**Raw data**
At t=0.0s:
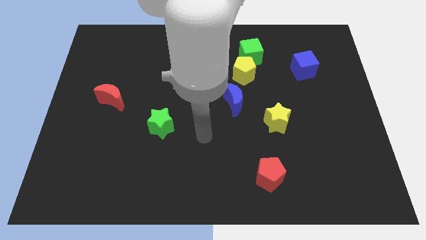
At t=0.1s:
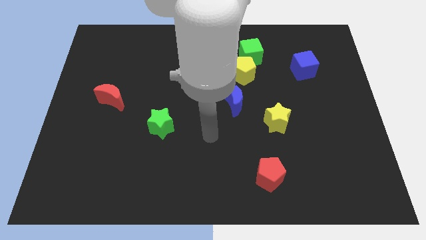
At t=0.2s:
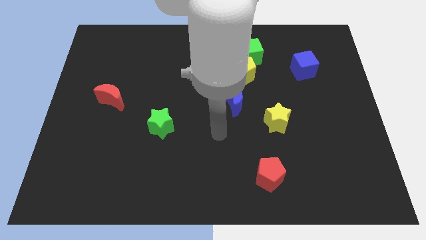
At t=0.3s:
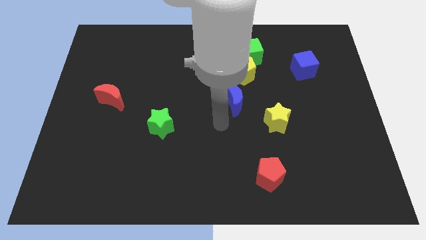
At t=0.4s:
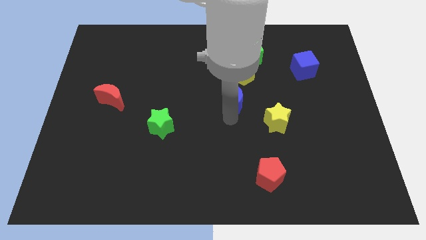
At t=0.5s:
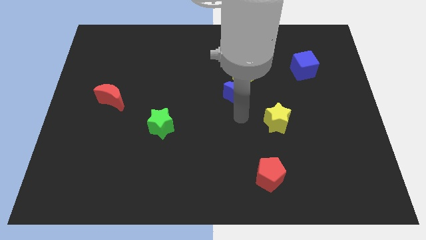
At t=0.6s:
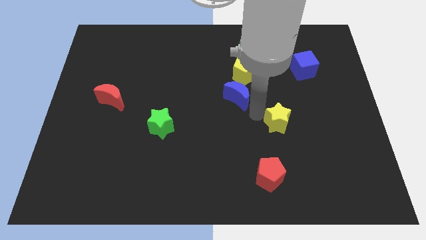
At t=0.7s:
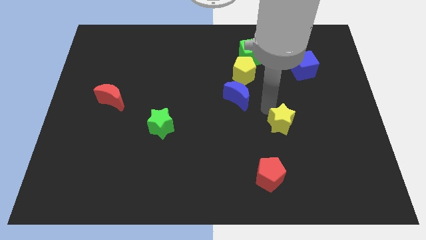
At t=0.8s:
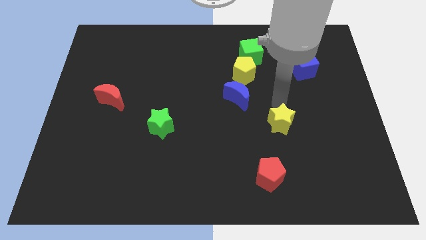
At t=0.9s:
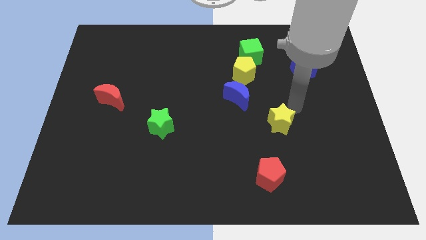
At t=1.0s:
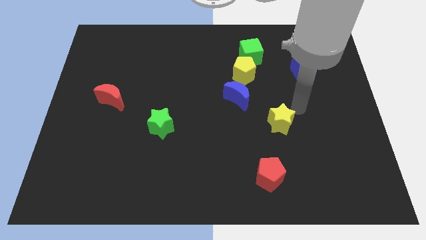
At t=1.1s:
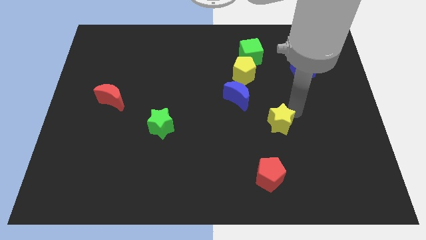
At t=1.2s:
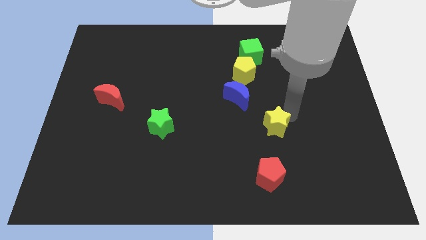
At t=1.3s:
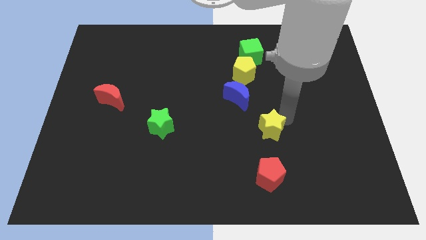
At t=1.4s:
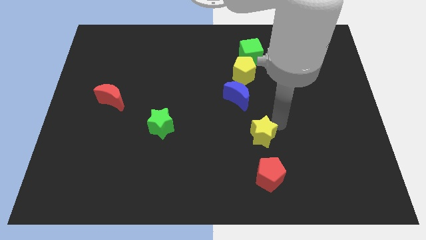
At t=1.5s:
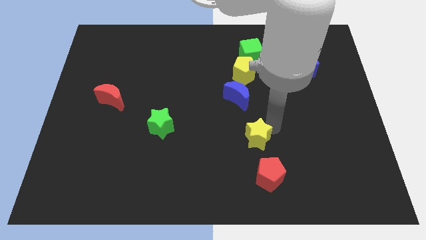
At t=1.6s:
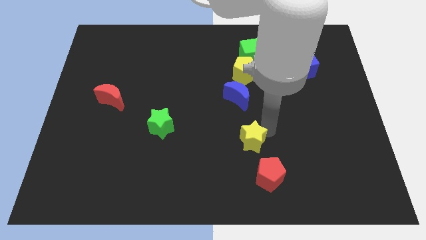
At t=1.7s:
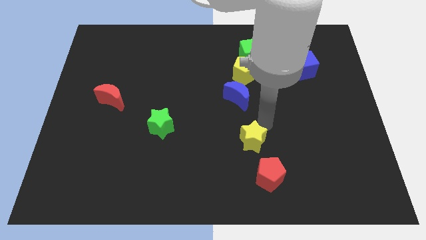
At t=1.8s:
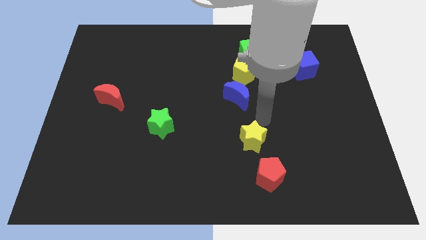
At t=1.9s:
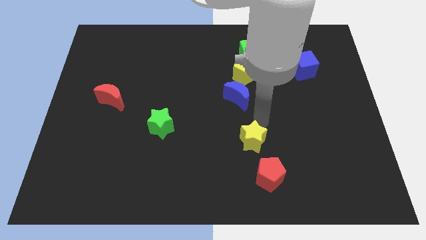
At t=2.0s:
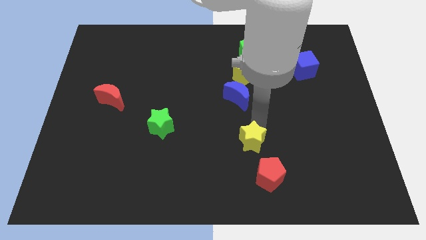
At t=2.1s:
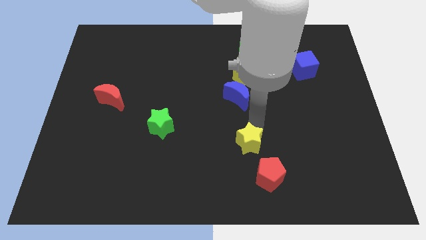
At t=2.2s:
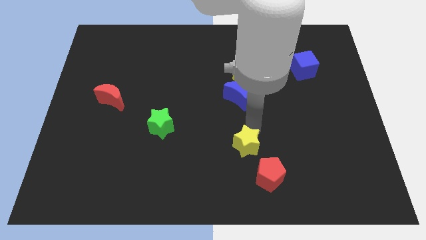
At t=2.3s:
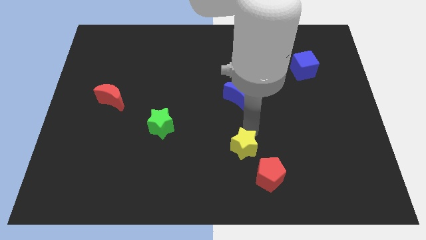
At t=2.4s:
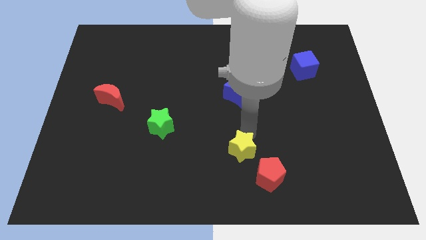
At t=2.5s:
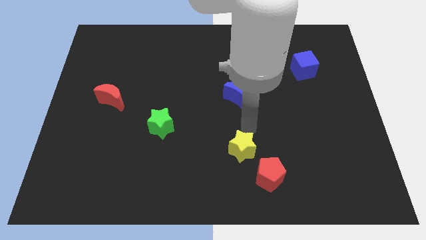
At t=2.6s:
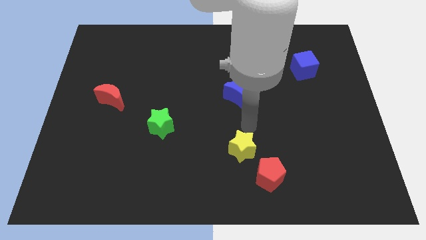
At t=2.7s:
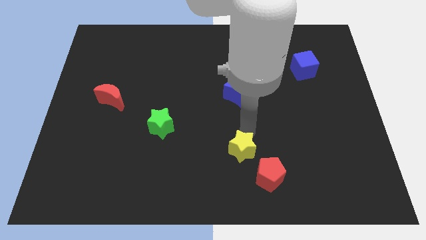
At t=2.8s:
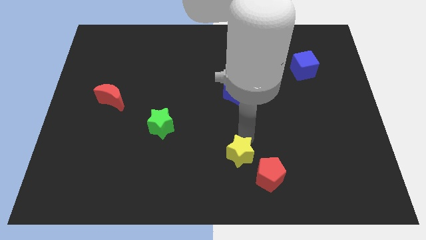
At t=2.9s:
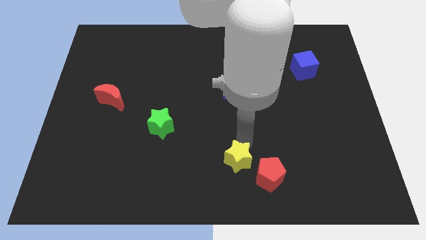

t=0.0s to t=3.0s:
put the yellow star to the bottom

**Your goal**
Hand over the entries again, exactly as written and without the pictures.

**Task solution**
At t=0.0s:
At t=0.1s:
At t=0.2s:
At t=0.3s:
At t=0.4s:
At t=0.5s:
At t=0.6s:
At t=0.7s:
At t=0.8s:
At t=0.9s:
At t=1.0s:
At t=1.1s:
At t=1.2s:
At t=1.3s:
At t=1.4s:
At t=1.5s:
At t=1.6s:
At t=1.7s:
At t=1.8s:
At t=1.9s:
At t=2.0s:
At t=2.1s:
At t=2.2s:
At t=2.3s:
At t=2.4s:
At t=2.5s:
At t=2.6s:
At t=2.7s:
At t=2.8s:
At t=2.9s:

t=0.0s to t=3.0s:
put the yellow star to the bottom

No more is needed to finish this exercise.